In the last home game of the season, Pitt (15-14, 6-12) extended its losing streak to five in a row with the third-largest margin of defeat in Capel’s two seasons on the job.
“I don’t think we had the required and necessary energy to start the game and throughout the game,” Capel said.
And, then, he threw in the zinger: “Especially for a team that’s lost four in a row.”
“The thing is, I don’t think Syracuse had it early, either. That’s what makes it especially disappointing for me with the effort that we put in (Wednesday).”
Despite the outcome, it was a night to honor players graduating from the program. Capel inserted little-used Samson George, walkon guard Anthony Starzynski (Baldwin) and backup forward Eric Hamilton into the starting lineup.
They left the game after a little more than a minute, but the regulars never found a way to solve Syracuse’s 2-3 zone defense. Pitt players rushed many shots when Orange defenders put a hand in their face. Even shots with open looks bounced off the rim, sometimes barely grazing it.

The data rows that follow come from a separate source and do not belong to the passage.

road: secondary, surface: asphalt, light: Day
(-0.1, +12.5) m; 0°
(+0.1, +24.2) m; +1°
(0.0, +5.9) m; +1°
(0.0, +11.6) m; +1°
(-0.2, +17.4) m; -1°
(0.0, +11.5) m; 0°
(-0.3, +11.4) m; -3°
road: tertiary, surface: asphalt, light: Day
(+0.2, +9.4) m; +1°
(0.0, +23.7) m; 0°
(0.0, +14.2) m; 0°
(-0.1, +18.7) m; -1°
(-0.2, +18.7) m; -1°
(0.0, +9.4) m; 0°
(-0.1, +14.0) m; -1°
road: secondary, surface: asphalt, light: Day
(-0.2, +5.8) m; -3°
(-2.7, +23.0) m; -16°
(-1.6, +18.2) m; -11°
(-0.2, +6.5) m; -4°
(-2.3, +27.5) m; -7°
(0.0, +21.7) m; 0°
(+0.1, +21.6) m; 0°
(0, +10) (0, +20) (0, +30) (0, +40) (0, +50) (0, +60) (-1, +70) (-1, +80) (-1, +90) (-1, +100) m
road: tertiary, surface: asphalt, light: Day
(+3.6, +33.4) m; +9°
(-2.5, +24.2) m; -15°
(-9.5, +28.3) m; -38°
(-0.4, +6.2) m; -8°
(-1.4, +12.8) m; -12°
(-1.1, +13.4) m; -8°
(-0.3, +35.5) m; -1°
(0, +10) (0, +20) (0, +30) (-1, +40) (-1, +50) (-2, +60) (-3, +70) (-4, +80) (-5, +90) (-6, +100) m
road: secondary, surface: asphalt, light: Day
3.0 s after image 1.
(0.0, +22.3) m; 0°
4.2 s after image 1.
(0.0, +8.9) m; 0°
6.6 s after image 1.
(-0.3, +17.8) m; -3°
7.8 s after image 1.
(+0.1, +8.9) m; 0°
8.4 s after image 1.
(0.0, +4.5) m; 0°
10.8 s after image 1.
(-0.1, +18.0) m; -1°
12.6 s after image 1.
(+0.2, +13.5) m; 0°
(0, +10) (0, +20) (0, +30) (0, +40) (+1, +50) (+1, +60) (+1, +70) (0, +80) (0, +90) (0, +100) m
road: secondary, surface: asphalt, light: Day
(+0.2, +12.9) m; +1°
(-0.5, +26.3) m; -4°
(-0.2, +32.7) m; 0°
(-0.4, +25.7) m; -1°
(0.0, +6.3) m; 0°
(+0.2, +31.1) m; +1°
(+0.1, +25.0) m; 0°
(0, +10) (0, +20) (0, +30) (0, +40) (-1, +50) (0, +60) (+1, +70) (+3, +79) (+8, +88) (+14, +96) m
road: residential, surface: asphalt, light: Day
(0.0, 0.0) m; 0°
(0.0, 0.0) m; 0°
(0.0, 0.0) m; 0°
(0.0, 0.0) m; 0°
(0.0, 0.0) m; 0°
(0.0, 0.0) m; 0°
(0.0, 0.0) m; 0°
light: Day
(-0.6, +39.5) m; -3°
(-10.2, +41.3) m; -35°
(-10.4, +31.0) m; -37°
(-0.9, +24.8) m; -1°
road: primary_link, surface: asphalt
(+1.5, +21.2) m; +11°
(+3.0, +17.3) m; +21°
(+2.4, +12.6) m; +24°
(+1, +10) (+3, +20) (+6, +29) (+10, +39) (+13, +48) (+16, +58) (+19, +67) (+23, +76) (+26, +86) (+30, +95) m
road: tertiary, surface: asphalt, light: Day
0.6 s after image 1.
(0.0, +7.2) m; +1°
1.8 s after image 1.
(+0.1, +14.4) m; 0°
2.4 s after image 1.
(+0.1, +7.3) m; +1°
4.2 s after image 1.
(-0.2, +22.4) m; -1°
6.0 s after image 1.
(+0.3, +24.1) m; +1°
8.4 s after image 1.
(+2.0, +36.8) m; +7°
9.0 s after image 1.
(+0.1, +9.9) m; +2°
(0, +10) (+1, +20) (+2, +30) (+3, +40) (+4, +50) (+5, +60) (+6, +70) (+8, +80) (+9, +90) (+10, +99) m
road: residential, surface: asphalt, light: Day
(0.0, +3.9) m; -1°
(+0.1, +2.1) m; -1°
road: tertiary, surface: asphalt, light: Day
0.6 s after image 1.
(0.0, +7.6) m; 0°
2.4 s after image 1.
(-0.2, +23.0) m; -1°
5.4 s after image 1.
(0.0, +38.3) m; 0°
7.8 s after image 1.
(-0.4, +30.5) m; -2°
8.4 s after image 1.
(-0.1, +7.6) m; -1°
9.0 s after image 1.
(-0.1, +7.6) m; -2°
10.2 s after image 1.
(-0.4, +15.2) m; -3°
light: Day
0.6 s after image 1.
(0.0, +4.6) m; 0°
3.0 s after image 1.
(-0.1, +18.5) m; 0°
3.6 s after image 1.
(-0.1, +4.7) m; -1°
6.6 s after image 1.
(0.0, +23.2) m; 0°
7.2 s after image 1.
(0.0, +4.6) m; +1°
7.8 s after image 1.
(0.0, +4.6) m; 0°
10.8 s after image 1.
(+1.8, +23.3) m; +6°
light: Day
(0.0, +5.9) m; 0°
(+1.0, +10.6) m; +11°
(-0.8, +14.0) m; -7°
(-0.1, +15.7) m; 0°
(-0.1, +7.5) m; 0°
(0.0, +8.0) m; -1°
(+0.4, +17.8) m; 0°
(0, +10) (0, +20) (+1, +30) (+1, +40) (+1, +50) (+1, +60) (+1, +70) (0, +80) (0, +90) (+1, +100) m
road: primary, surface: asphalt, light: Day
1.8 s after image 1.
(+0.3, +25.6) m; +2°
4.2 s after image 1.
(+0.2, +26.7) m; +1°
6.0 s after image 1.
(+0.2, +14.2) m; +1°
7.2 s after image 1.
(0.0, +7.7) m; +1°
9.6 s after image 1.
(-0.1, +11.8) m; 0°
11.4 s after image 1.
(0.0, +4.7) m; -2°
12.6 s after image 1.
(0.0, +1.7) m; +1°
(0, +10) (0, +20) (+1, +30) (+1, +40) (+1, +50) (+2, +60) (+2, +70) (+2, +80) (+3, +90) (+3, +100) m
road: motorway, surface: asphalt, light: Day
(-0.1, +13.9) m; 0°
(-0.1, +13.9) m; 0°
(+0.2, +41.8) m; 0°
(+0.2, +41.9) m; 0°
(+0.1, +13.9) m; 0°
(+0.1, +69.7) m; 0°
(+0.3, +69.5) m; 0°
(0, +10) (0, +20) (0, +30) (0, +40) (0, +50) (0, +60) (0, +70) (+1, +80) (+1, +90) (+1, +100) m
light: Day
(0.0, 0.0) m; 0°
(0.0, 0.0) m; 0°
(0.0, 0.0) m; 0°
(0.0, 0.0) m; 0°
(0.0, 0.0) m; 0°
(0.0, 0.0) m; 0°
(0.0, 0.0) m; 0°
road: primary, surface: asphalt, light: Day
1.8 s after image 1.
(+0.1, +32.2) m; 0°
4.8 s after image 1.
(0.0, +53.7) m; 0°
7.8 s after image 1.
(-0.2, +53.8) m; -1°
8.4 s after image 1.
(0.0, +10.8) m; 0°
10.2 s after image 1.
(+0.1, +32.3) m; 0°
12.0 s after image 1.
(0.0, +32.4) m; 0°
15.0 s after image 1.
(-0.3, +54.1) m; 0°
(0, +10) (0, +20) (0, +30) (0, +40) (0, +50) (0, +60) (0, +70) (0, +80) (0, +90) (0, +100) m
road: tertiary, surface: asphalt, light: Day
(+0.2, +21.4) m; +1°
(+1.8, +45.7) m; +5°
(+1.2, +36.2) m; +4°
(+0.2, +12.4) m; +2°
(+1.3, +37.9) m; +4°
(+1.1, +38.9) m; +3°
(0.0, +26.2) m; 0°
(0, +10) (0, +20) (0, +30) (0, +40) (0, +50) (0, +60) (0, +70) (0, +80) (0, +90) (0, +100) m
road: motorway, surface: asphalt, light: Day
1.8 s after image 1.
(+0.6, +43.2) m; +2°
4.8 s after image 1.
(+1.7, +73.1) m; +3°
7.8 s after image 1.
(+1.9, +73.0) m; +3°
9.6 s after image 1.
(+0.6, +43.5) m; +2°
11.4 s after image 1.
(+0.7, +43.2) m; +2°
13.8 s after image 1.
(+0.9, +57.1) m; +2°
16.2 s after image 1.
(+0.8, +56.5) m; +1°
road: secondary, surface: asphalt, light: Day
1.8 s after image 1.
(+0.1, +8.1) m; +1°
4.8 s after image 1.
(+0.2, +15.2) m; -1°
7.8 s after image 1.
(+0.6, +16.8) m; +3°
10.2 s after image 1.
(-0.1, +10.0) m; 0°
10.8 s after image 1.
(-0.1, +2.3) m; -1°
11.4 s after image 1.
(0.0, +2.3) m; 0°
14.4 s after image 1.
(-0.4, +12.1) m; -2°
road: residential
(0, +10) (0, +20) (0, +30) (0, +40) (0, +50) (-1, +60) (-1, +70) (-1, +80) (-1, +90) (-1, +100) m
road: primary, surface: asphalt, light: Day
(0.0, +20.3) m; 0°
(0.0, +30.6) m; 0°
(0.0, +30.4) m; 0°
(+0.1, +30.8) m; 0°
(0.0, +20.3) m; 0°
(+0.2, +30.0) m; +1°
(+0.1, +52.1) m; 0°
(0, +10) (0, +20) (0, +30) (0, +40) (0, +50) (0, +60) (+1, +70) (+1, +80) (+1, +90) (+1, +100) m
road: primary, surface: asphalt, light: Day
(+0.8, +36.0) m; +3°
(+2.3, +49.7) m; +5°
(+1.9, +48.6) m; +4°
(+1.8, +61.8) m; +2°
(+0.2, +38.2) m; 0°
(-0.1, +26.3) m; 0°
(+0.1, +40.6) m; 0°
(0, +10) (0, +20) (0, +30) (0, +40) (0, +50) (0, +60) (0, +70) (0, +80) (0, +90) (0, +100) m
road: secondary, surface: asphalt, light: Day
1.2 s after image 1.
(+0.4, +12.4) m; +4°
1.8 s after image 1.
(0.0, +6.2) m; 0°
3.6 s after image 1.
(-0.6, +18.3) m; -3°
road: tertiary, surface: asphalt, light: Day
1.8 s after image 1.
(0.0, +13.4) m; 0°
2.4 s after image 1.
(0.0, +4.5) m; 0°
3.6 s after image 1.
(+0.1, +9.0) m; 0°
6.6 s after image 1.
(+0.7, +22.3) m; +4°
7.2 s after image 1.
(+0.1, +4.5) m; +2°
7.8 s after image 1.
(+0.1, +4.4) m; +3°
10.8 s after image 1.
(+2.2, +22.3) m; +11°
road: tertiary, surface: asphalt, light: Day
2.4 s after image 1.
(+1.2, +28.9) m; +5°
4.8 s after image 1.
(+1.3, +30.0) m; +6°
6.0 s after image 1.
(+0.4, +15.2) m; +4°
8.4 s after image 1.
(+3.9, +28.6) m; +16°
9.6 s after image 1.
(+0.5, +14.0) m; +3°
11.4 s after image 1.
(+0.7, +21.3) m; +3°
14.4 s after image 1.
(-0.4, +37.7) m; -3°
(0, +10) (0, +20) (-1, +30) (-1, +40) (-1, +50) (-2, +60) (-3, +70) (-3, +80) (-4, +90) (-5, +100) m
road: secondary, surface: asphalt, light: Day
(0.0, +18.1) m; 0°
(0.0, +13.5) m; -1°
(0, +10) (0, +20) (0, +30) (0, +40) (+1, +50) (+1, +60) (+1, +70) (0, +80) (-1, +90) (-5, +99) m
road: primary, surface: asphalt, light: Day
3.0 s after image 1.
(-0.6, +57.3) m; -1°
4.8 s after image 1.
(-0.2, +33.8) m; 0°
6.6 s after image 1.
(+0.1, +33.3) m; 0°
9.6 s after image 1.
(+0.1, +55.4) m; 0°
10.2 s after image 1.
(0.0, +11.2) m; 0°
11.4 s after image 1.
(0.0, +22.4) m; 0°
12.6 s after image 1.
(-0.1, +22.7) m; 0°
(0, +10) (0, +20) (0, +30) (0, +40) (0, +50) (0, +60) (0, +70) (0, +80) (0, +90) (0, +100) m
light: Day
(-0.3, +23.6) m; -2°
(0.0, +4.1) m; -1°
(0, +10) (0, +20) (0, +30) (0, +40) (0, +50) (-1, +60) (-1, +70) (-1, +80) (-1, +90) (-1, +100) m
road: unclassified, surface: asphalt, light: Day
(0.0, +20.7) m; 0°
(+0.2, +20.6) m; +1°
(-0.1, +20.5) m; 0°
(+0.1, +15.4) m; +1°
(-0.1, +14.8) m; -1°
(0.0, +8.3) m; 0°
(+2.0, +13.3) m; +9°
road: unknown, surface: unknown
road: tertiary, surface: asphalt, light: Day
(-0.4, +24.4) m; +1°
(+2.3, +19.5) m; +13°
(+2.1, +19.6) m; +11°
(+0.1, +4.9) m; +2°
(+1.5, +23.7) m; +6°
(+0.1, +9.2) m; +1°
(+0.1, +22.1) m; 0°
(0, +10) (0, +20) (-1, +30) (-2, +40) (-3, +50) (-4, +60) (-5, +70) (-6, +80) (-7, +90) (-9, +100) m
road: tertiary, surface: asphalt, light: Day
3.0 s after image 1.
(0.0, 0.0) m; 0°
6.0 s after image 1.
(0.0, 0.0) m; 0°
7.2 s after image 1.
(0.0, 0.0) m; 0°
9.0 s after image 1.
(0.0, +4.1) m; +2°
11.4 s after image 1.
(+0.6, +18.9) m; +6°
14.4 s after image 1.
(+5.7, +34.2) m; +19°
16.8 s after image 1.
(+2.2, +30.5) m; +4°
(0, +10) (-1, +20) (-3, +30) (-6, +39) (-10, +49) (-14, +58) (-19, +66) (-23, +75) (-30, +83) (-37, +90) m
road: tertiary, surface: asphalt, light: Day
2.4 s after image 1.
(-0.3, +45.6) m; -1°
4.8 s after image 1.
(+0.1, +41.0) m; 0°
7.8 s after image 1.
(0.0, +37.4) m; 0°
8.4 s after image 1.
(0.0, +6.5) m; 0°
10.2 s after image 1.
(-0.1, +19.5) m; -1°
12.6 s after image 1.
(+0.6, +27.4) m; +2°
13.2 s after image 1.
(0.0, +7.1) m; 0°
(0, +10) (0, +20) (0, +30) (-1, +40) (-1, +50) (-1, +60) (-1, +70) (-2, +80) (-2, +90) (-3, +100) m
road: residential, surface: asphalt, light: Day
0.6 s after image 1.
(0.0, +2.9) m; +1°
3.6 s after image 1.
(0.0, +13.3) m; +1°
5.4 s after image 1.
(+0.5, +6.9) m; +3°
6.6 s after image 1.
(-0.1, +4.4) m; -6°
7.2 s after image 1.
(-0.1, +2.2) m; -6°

Pitt made only 16 of 55 shots (29.1%), tied for its effort against West Virginia for worst of the season.
“The zone stands us up and gets us thinking instead of being instinctive,” Capel said.
Syracuse (16-12, 9-8) played like a team trying to make a late push for an NCAA Tournament. The Orange, which has won seven in a row against Pitt, hit 26 of 56 shots (46.4%). Elijah Hughes, the leading scorer in the ACC, scored 25, and Sidibe Bourama recorded a double-double (13 points, 10 rebounds).
Starzynski said he noticed a malaise on Pitt’s end of the court in pregame warmups.
“We’ve warmed up a little bit slower than probably we should,” he said. “That’s one of the many things we have to change about what we do.”
Freshman Justin Champagnie scored 13 points with 17 rebounds, five more than any Pitt teammate has grabbed this season. He also had three steals and two assists, but Capel wasn’t impressed.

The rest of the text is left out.